Your instructions:
The lines to return are those below that contain the word "bold".
───── Record excerpts ─────
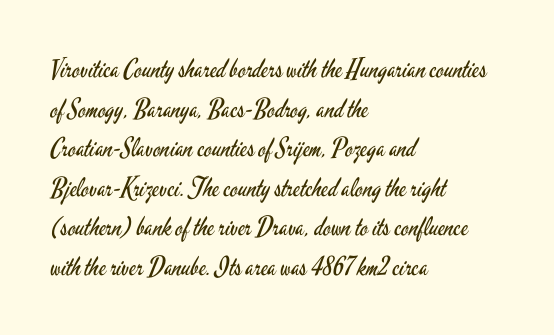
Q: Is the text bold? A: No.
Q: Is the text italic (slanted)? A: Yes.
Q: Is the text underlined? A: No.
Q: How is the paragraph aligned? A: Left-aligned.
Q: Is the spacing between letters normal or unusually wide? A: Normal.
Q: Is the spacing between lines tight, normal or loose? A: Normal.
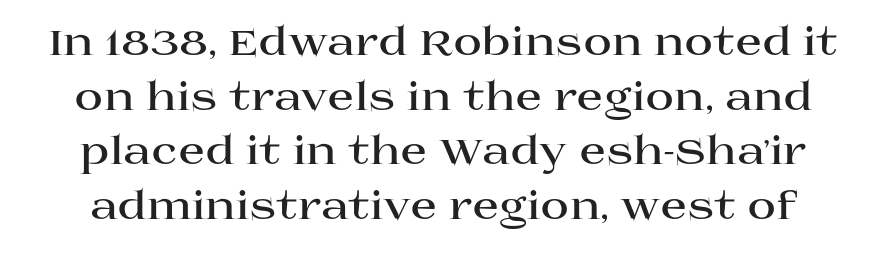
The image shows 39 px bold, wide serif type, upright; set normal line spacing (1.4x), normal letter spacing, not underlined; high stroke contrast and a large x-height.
─────
Answer to the exercise:
Q: Is the text bold? A: No.
The image shows 39 px bold, wide serif type, upright; set normal line spacing (1.4x), normal letter spacing, not underlined; high stroke contrast and a large x-height.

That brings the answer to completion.